INSTRUCTIONS TO FOLLOW
Copies of all lines containing the string "character" are needed from the data below.

INPUT MATERIAL
◆ ◆ ◆ ◆ ◆

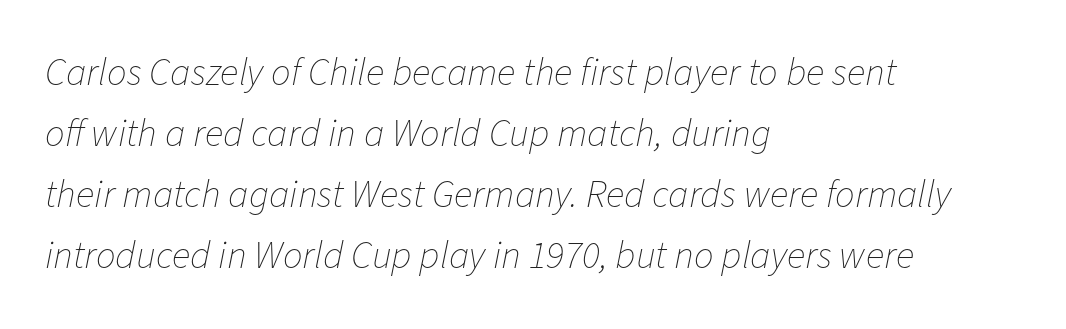
The image shows 39 px thin type, italic (leaning right); set left-aligned, normal line spacing (1.56x), normal letter spacing, not underlined; low stroke contrast and a medium x-height.
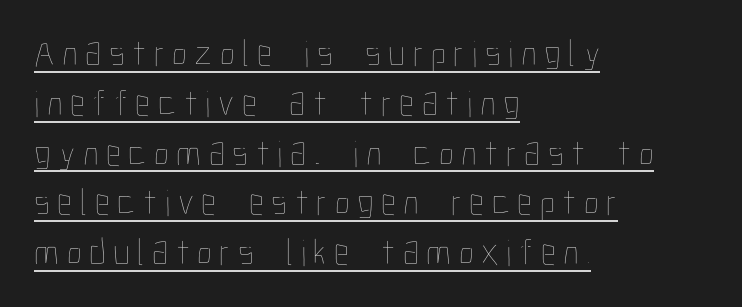
{"italic": "no", "bold": "no", "weight": "thin", "width": "condensed", "stroke_contrast": "low", "x_height": "medium", "monospaced": "no", "underline": "yes", "align": "left", "line_spacing": "normal", "line_spacing_ratio": 1.31, "letter_spacing": "wide", "letter_spacing_em": 0.2, "glyph_px": 38}
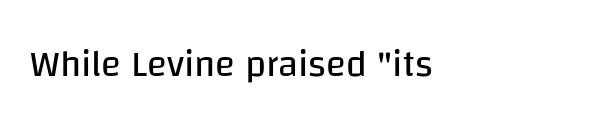
A typesetter would call this proportional, since set widths differ per character. The specimen reads as upright at a glance. The letterforms sit shoulder to shoulder at normal distance. The space beneath each line is pristine and unruled. Typographically, this falls in the sans-serif category. The letterforms sit at book weight or below.
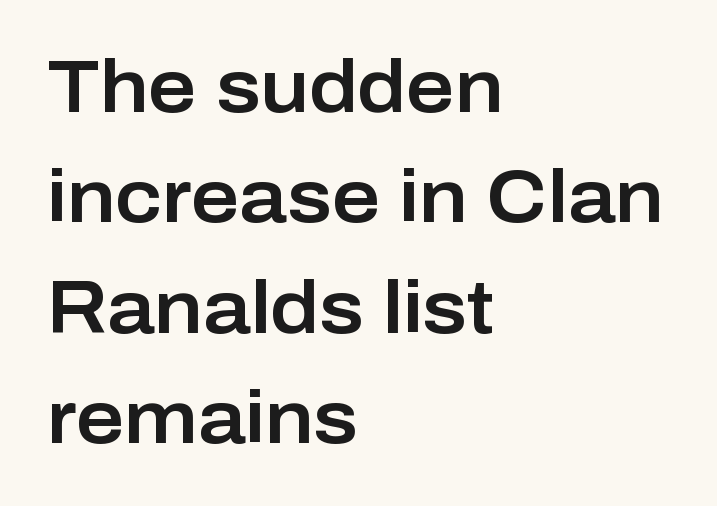
{"serif": "no", "italic": "no", "width": "normal", "stroke_contrast": "low", "x_height": "medium", "monospaced": "no", "underline": "no", "align": "left", "line_spacing": "normal", "line_spacing_ratio": 1.49, "letter_spacing": "normal", "letter_spacing_em": 0.0, "glyph_px": 74}
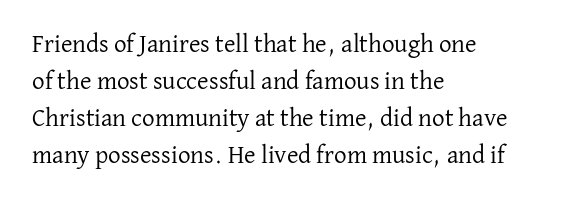
The image shows 25 px text type, upright; set left-aligned, normal line spacing (1.48x), normal letter spacing, not underlined.
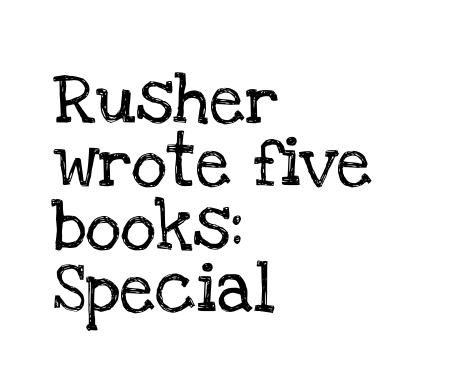
{"serif": "yes", "italic": "no", "width": "normal", "stroke_contrast": "low", "x_height": "large", "monospaced": "no", "underline": "no", "align": "left", "line_spacing": "normal", "line_spacing_ratio": 1.26, "letter_spacing": "normal", "letter_spacing_em": 0.0, "glyph_px": 50}
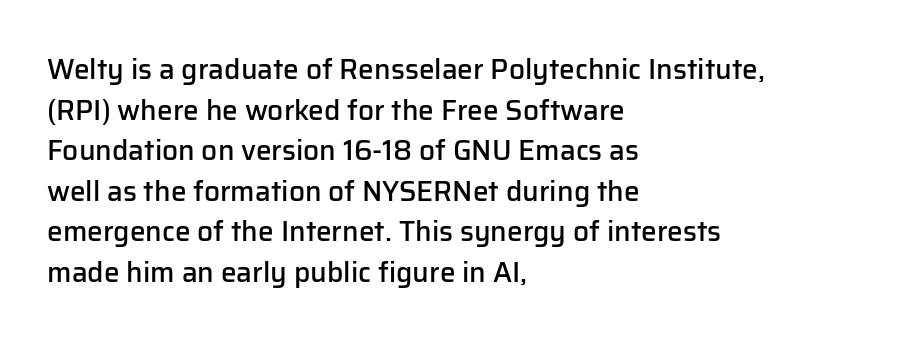
The image shows 28 px semibold sans-serif type, upright; set left-aligned, normal line spacing (1.45x), normal letter spacing, not underlined; low stroke contrast and a medium x-height.
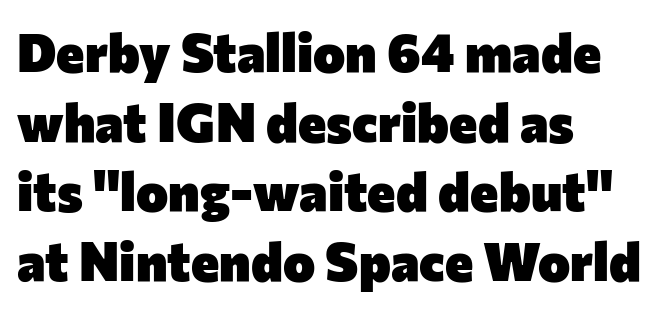
Q: Is the text bold? A: Yes.
Q: Is the text italic (slanted)? A: No, it is upright.
Q: Is the typeface a serif or a sans-serif typeface? A: Sans-serif.
Q: Is the text underlined? A: No.
Q: How is the paragraph aligned? A: Left-aligned.
Q: Is the spacing between letters normal or unusually wide? A: Normal.
Q: Is the spacing between lines tight, normal or loose? A: Normal.
Q: Width (condensed, normal, or wide)? A: Normal.
Q: Stroke contrast? A: Low.
Q: x-height? A: Medium.
Q: Monospaced? A: No.
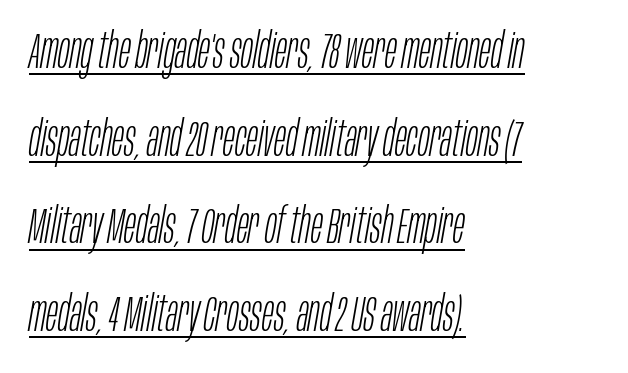
{"italic": "yes", "lean": "right", "slant_degrees": 10, "bold": "no", "weight": "light", "width": "condensed", "stroke_contrast": "low", "x_height": "large", "monospaced": "no", "underline": "yes", "align": "left", "line_spacing_ratio": 1.79, "letter_spacing": "normal", "letter_spacing_em": 0.0, "glyph_px": 49}
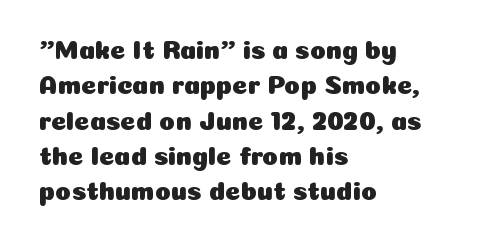
The passage shown stacks its lines at a standard gap. These lines stack with their left ends in a neat column. A roman cut, with each character standing at attention. Caption: standard tracking, unaltered. Words float on clear page, feet unadorned.
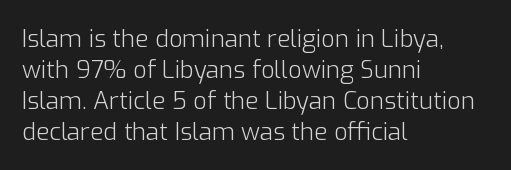
{"italic": "no", "bold": "no", "underline": "no", "align": "left", "line_spacing": "normal", "line_spacing_ratio": 1.29, "letter_spacing": "normal", "letter_spacing_em": 0.0, "glyph_px": 24}
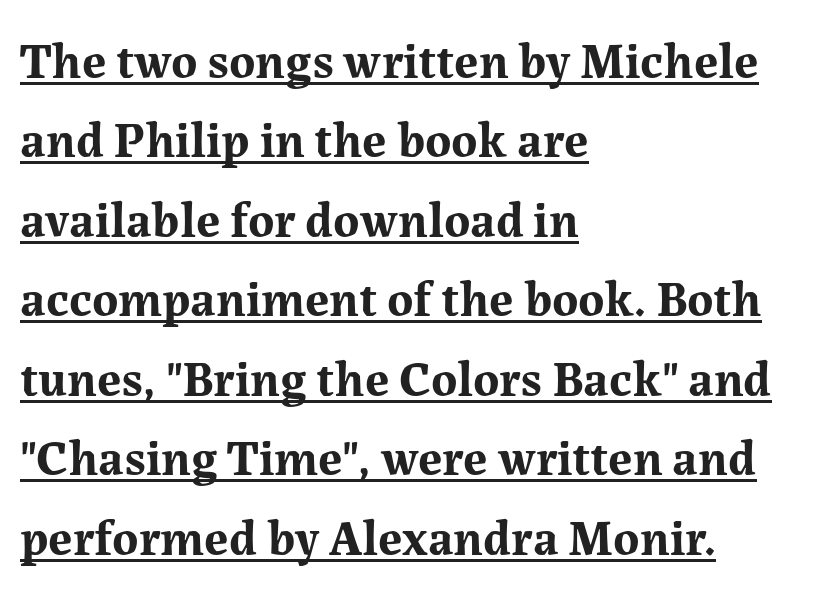
Q: Is the text bold? A: Yes.
Q: Is the text italic (slanted)? A: No, it is upright.
Q: Is the typeface a serif or a sans-serif typeface? A: Serif.
Q: Is the text underlined? A: Yes.
Q: How is the paragraph aligned? A: Left-aligned.
Q: Is the spacing between letters normal or unusually wide? A: Normal.
Q: Is the spacing between lines tight, normal or loose? A: Normal.
Q: Width (condensed, normal, or wide)? A: Normal.
Q: Stroke contrast? A: Medium.
Q: x-height? A: Medium.
Q: Monospaced? A: No.
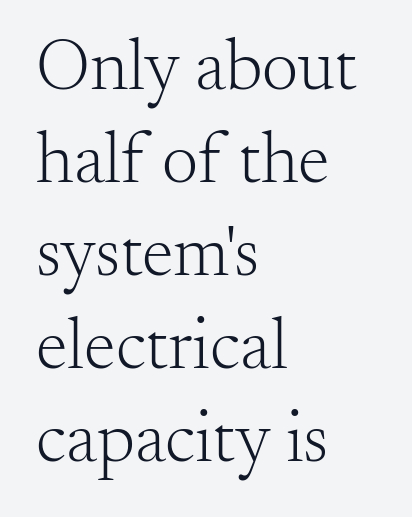
Q: Is the text bold? A: No.
Q: Is the text italic (slanted)? A: No, it is upright.
Q: Is the typeface a serif or a sans-serif typeface? A: Serif.
Q: Is the text underlined? A: No.
Q: How is the paragraph aligned? A: Left-aligned.
Q: Is the spacing between letters normal or unusually wide? A: Normal.
Q: Is the spacing between lines tight, normal or loose? A: Normal.
Q: Width (condensed, normal, or wide)? A: Normal.
Q: Stroke contrast? A: Medium.
Q: x-height? A: Small.
Q: Monospaced? A: No.
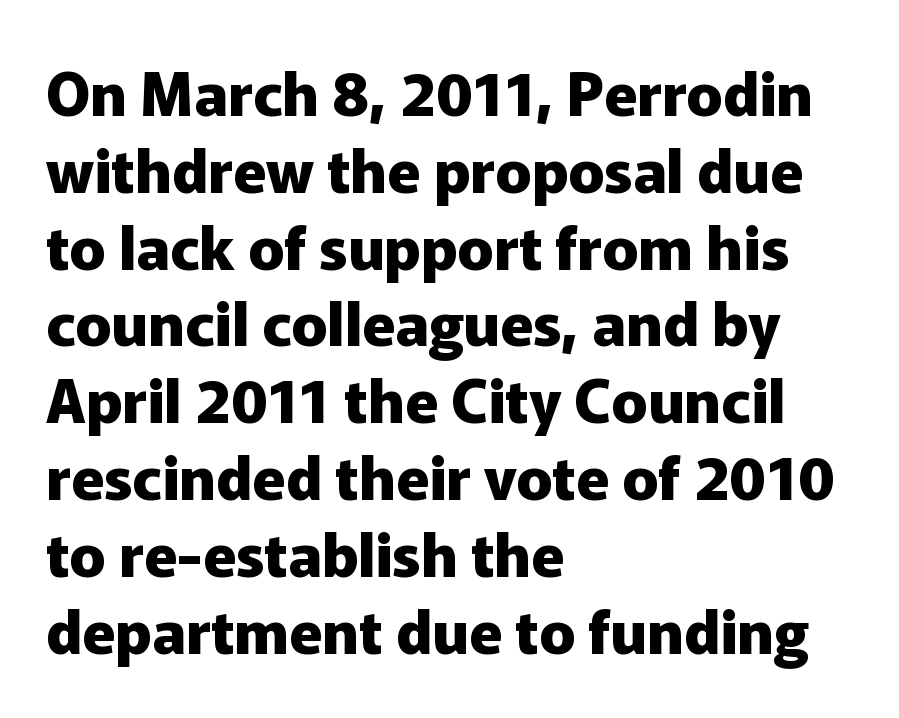
The image shows 60 px heavy sans-serif type, upright; set left-aligned, normal line spacing (1.28x), normal letter spacing, not underlined; low stroke contrast and a medium x-height.
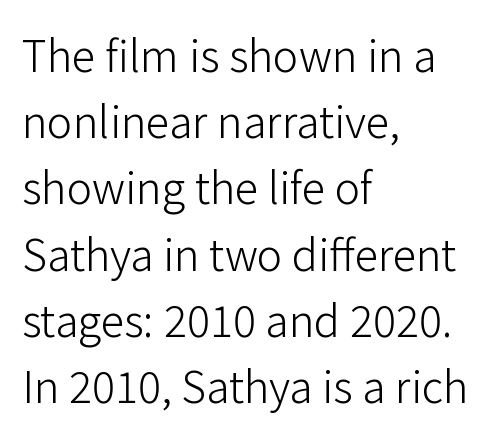
Q: Is the text bold? A: No.
Q: Is the text italic (slanted)? A: No, it is upright.
Q: Is the typeface a serif or a sans-serif typeface? A: Sans-serif.
Q: Is the text underlined? A: No.
Q: How is the paragraph aligned? A: Left-aligned.
Q: Is the spacing between letters normal or unusually wide? A: Normal.
Q: Is the spacing between lines tight, normal or loose? A: Normal.
Q: Width (condensed, normal, or wide)? A: Normal.
Q: Stroke contrast? A: Low.
Q: x-height? A: Medium.
Q: Monospaced? A: No.

◆ ◆ ◆ ◆ ◆

RESPONSE BELOW
A typesetter would call this proportional, since set widths differ per character. The specimen reads as upright at a glance. The letterforms sit shoulder to shoulder at normal distance. The space beneath each line is pristine and unruled. Typographically, this falls in the sans-serif category. The letterforms sit at book weight or below.
The passage shown stacks its lines at a standard gap. These lines stack with their left ends in a neat column. A roman cut, with each character standing at attention. Caption: standard tracking, unaltered. Words float on clear page, feet unadorned.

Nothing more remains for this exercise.